**GOAL OF THE EXERCISE**. Quote exactly and only this range of lines in the data below: the line that holds "[diagram: clean part render]" to the line that holds "Length unit declared in the file: inch", both included.

** Opening DATA SUPPLIED block **

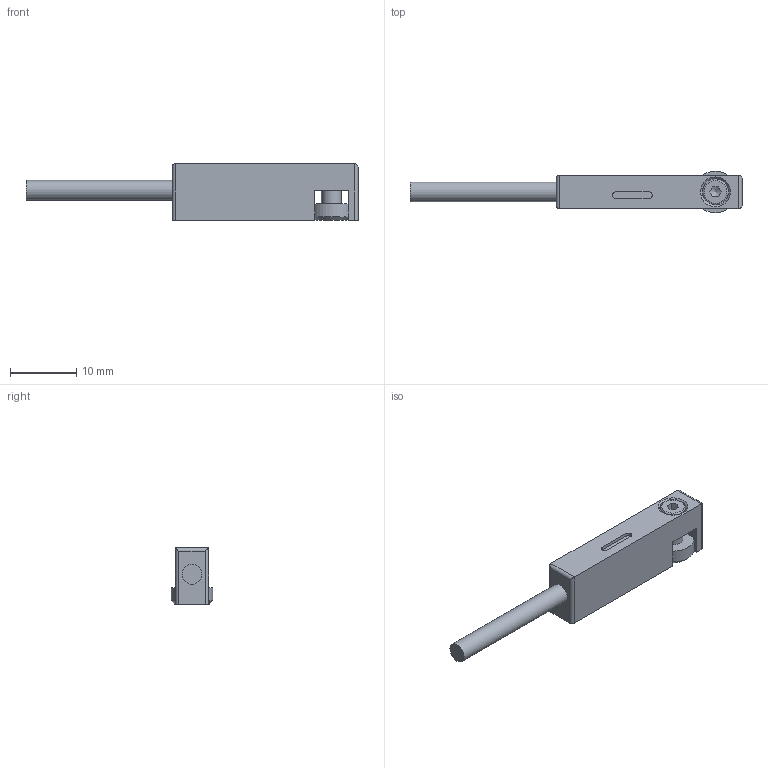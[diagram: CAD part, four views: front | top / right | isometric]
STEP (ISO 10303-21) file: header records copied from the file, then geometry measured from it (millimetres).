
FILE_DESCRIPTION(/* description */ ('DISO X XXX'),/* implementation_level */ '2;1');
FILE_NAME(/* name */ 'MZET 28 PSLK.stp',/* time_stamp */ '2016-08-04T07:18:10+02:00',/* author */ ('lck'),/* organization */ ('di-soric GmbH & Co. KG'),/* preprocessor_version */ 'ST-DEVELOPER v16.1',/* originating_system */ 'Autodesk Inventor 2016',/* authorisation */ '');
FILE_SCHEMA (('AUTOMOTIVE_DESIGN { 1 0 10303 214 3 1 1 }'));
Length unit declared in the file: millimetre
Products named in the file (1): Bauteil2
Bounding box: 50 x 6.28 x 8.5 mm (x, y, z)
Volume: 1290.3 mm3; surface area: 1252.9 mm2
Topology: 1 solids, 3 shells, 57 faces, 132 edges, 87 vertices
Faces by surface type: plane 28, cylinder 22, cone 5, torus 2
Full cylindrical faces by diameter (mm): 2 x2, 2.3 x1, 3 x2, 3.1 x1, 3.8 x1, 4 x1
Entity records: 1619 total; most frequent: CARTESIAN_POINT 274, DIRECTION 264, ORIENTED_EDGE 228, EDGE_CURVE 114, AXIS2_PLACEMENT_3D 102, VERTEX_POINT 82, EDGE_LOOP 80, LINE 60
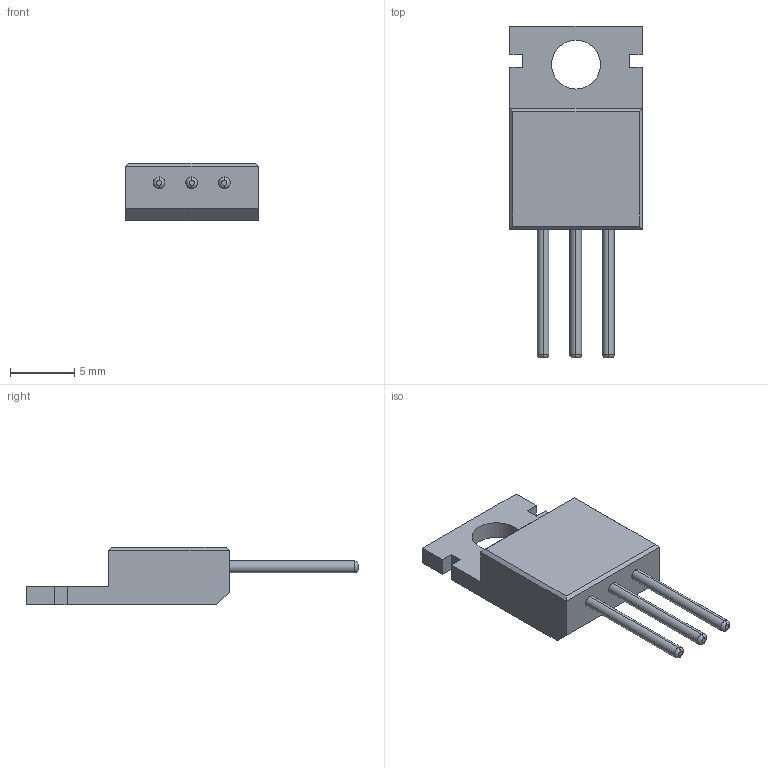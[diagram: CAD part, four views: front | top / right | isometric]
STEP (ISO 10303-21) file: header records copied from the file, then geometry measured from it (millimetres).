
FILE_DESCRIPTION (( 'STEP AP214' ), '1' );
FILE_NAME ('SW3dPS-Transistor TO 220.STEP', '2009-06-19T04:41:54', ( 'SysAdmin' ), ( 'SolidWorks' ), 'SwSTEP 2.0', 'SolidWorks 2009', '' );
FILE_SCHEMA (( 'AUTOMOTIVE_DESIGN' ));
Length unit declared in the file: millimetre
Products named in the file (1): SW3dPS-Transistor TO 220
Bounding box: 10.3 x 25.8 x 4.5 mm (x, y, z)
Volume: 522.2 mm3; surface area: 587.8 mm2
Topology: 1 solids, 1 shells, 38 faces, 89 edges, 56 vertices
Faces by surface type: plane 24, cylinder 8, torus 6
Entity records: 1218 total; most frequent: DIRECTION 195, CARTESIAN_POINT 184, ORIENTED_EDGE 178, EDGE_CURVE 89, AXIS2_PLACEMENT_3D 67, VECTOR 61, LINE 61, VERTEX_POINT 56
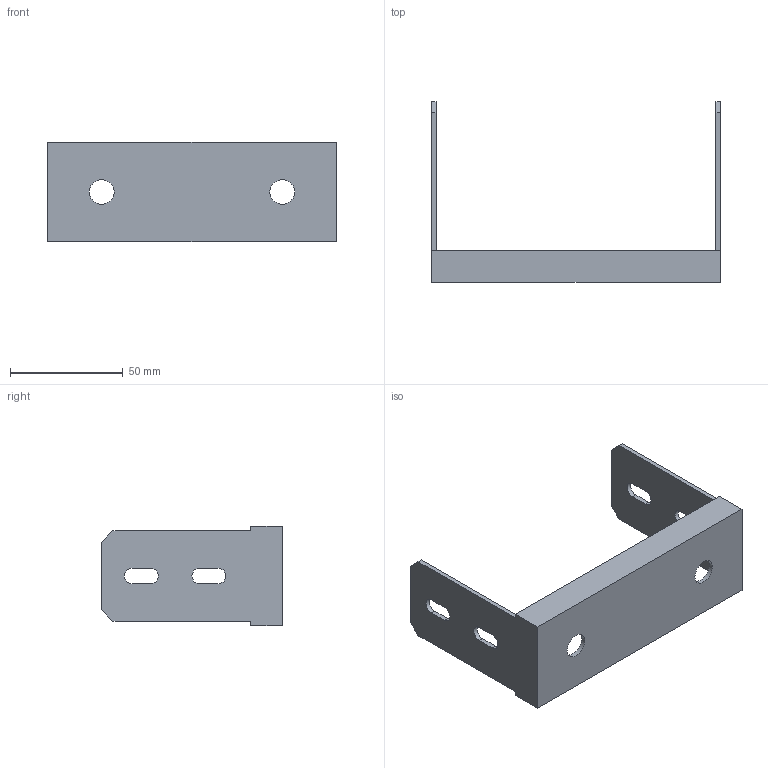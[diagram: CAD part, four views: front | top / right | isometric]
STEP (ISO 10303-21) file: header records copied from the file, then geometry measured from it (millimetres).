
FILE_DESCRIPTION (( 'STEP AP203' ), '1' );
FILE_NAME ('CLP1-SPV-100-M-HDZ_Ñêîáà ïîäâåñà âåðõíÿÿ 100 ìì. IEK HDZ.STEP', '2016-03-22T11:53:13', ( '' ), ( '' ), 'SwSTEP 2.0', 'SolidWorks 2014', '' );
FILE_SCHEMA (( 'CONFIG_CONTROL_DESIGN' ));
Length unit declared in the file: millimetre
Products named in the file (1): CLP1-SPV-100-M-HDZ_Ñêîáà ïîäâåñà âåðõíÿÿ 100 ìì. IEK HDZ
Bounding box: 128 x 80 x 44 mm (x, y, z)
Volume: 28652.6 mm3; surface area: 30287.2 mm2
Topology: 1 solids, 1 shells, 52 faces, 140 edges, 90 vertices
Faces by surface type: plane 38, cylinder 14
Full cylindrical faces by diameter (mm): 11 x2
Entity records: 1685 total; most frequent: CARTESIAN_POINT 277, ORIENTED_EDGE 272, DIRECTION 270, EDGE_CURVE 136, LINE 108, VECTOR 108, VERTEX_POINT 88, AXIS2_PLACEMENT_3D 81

** Closing DATA SUPPLIED block **
** Opening DATA SUPPLIED block **

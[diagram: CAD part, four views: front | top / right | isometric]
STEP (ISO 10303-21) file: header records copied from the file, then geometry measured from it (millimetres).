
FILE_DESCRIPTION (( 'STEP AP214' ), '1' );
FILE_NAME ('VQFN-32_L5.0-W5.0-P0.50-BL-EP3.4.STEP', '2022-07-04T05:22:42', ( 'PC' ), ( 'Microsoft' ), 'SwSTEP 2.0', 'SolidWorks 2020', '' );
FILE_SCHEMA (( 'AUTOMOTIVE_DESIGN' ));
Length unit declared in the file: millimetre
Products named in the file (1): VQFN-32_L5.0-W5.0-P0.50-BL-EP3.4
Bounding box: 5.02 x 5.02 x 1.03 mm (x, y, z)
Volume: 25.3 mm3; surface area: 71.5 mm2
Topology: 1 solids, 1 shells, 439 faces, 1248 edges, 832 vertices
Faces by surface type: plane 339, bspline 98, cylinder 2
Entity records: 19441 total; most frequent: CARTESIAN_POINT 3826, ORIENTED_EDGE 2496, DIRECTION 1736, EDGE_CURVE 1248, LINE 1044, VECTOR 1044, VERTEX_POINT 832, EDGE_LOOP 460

** Closing DATA SUPPLIED block **
** Opening DATA SUPPLIED block **

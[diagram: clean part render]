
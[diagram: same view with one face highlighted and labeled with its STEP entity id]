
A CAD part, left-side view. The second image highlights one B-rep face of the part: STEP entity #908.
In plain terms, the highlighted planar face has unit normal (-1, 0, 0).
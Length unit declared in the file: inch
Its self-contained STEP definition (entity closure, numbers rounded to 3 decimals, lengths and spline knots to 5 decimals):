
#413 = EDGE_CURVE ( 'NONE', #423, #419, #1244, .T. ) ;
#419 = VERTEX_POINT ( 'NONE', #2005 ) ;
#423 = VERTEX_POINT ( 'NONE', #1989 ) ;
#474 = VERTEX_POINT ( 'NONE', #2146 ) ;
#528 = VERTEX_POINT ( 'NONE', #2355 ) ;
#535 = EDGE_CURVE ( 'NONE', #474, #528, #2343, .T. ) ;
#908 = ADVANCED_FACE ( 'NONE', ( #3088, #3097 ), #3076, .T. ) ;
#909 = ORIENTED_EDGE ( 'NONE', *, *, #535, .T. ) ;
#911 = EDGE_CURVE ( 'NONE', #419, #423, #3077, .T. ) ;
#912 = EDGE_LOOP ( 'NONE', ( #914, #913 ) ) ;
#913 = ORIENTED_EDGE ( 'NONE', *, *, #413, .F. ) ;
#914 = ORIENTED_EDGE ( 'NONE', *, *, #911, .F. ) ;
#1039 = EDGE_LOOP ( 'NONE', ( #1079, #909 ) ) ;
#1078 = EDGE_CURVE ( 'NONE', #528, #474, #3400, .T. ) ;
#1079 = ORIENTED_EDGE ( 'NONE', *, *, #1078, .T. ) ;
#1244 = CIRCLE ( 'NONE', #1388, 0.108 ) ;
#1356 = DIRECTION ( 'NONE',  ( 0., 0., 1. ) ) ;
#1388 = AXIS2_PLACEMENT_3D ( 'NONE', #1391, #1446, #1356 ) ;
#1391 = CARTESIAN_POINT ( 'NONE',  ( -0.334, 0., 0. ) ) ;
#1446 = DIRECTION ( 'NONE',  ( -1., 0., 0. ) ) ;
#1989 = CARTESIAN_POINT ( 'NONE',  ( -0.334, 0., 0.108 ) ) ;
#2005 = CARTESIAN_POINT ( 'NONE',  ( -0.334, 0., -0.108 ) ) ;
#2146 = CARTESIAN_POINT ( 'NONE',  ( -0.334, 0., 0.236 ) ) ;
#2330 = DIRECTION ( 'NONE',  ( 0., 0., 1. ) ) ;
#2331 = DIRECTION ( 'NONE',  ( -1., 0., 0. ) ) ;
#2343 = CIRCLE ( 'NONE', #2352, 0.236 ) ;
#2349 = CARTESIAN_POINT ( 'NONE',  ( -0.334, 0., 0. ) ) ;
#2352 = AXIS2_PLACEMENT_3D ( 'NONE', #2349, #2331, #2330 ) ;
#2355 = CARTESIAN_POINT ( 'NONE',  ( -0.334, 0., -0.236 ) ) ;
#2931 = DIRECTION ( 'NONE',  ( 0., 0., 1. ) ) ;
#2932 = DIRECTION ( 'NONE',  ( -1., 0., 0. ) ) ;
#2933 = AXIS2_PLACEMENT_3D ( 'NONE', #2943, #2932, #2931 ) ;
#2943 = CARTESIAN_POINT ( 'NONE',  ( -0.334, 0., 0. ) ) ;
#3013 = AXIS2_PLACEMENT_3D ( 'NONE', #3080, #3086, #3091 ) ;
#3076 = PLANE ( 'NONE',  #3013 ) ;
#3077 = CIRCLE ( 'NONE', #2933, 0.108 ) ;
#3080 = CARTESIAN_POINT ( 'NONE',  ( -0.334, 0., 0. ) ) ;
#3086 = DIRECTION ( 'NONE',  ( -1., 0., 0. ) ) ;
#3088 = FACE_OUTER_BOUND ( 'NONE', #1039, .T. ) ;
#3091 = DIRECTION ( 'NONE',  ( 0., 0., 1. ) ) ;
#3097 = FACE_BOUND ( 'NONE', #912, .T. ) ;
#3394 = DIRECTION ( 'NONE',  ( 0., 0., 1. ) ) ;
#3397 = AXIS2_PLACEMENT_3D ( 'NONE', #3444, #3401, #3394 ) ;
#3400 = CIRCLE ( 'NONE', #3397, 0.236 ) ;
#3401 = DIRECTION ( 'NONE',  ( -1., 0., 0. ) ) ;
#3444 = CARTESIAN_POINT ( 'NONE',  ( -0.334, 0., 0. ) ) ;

** Closing DATA SUPPLIED block **

**SOLUTION**.
[diagram: clean part render]
[diagram: same view with one face highlighted and labeled with its STEP entity id]
A CAD part, left-side view. The second image highlights one B-rep face of the part: STEP entity #908.
In plain terms, the highlighted planar face has unit normal (-1, 0, 0).
Length unit declared in the file: inch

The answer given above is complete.